Goal of the exercise. Each entry below must be written out exactly, with pictures left out.
(Dataset excerpts)
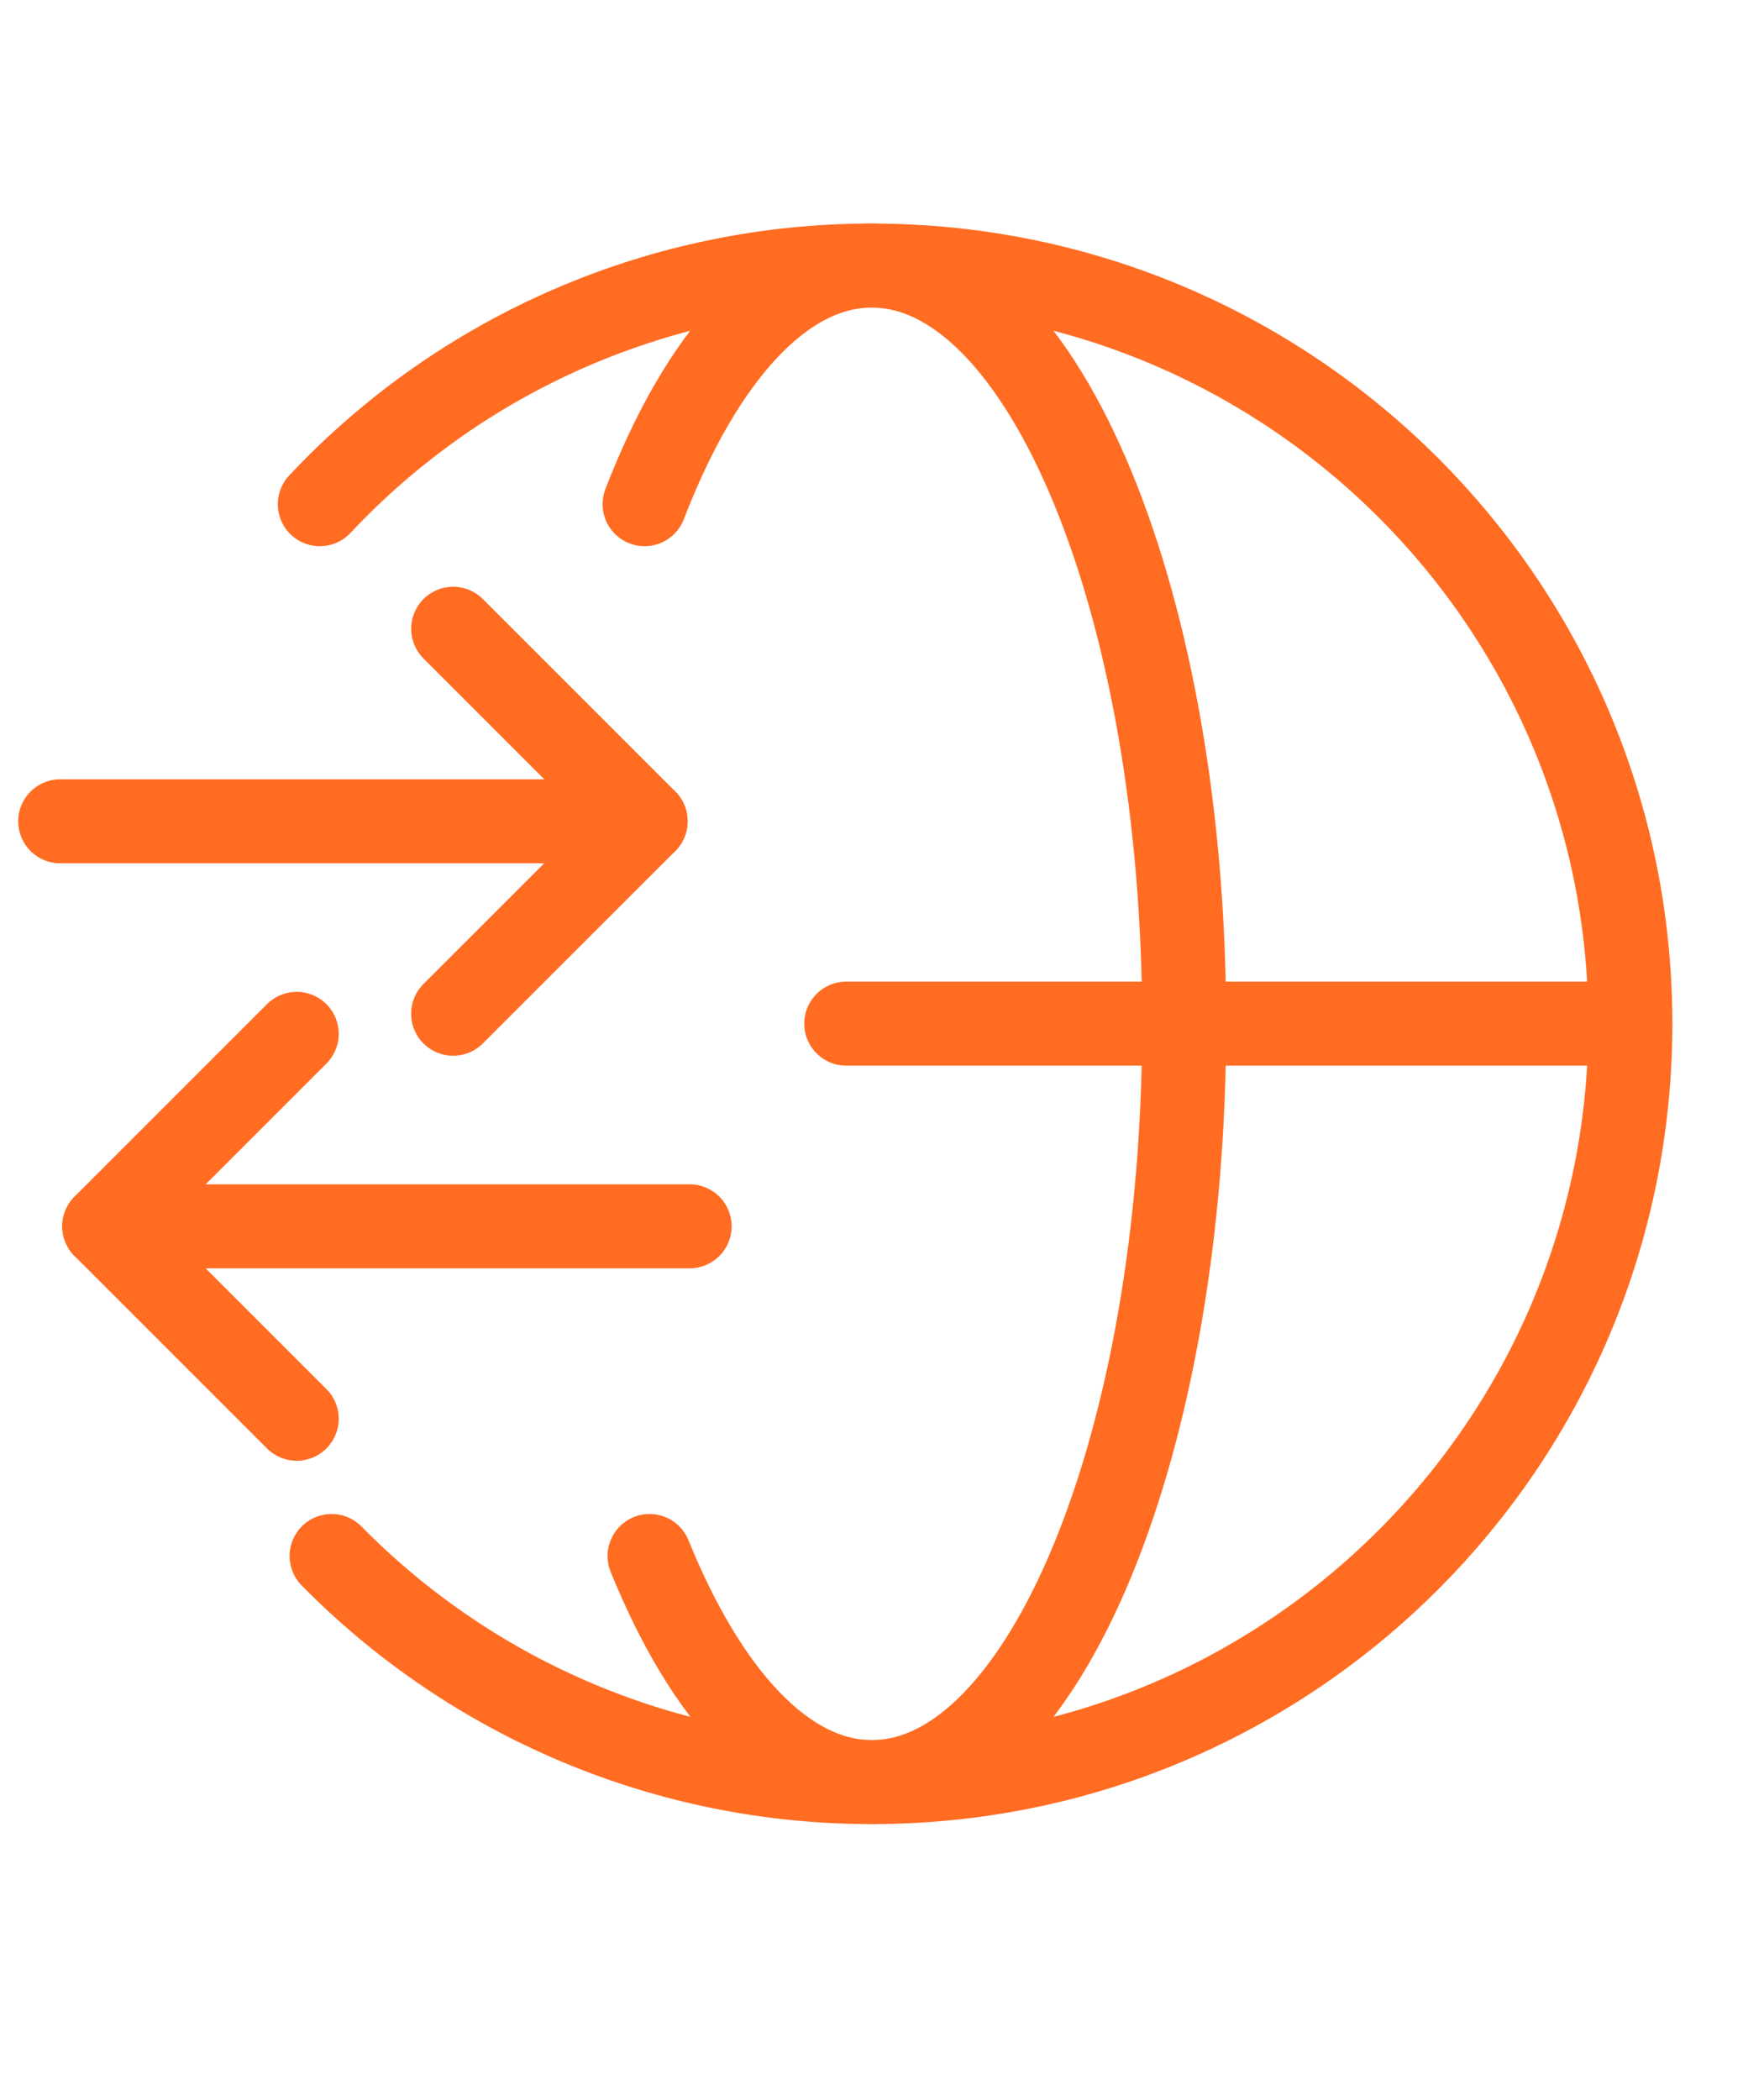 <svg width="83" height="100" viewBox="0 0 83 100" fill="none" xmlns="http://www.w3.org/2000/svg">
<path d="M77.625 48.744H56.382H40.297" stroke="#FF6C22" stroke-width="4" stroke-linecap="round" stroke-linejoin="round"/>
<path d="M15.79 74.094C19.149 77.508 23.154 80.218 27.572 82.066C31.99 83.915 36.732 84.865 41.52 84.86C61.46 84.86 77.636 68.702 77.636 48.744C77.636 28.803 61.46 12.646 41.52 12.646C36.594 12.639 31.718 13.643 27.196 15.598C22.673 17.552 18.601 20.415 15.23 24.009" stroke="#FF6C22" stroke-width="4" stroke-linecap="round" stroke-linejoin="round"/>
<path d="M30.931 74.094C33.626 80.734 37.373 84.86 41.516 84.86C49.73 84.86 56.389 68.702 56.389 48.744C56.389 28.803 49.731 12.646 41.516 12.646C37.246 12.646 33.392 17.007 30.695 24.009" stroke="#FF6C22" stroke-width="4" stroke-linecap="round" stroke-linejoin="round"/>
<path d="M32.84 58.395H4.965" stroke="#FF6C22" stroke-width="4" stroke-linecap="round" stroke-linejoin="round"/>
<path d="M14.129 67.559L4.965 58.395L14.129 49.23" stroke="#FF6C22" stroke-width="4" stroke-linecap="round" stroke-linejoin="round"/>
<path d="M2.867 39.109H30.742" stroke="#FF6C22" stroke-width="4" stroke-linecap="round" stroke-linejoin="round"/>
<path d="M21.58 29.941L30.745 39.107L21.578 48.272" stroke="#FF6C22" stroke-width="4" stroke-linecap="round" stroke-linejoin="round"/>
</svg>
(End Dataset excerpts)
Result.
 <svg width="83" height="100" viewBox="0 0 83 100" fill="none" xmlns="http://www.w3.org/2000/svg">
<path d="M77.625 48.744H56.382H40.297" stroke="#FF6C22" stroke-width="4" stroke-linecap="round" stroke-linejoin="round"/>
<path d="M15.79 74.094C19.149 77.508 23.154 80.218 27.572 82.066C31.99 83.915 36.732 84.865 41.52 84.86C61.46 84.86 77.636 68.702 77.636 48.744C77.636 28.803 61.46 12.646 41.52 12.646C36.594 12.639 31.718 13.643 27.196 15.598C22.673 17.552 18.601 20.415 15.23 24.009" stroke="#FF6C22" stroke-width="4" stroke-linecap="round" stroke-linejoin="round"/>
<path d="M30.931 74.094C33.626 80.734 37.373 84.86 41.516 84.86C49.73 84.86 56.389 68.702 56.389 48.744C56.389 28.803 49.731 12.646 41.516 12.646C37.246 12.646 33.392 17.007 30.695 24.009" stroke="#FF6C22" stroke-width="4" stroke-linecap="round" stroke-linejoin="round"/>
<path d="M32.84 58.395H4.965" stroke="#FF6C22" stroke-width="4" stroke-linecap="round" stroke-linejoin="round"/>
<path d="M14.129 67.559L4.965 58.395L14.129 49.23" stroke="#FF6C22" stroke-width="4" stroke-linecap="round" stroke-linejoin="round"/>
<path d="M2.867 39.109H30.742" stroke="#FF6C22" stroke-width="4" stroke-linecap="round" stroke-linejoin="round"/>
<path d="M21.58 29.941L30.745 39.107L21.578 48.272" stroke="#FF6C22" stroke-width="4" stroke-linecap="round" stroke-linejoin="round"/>
</svg>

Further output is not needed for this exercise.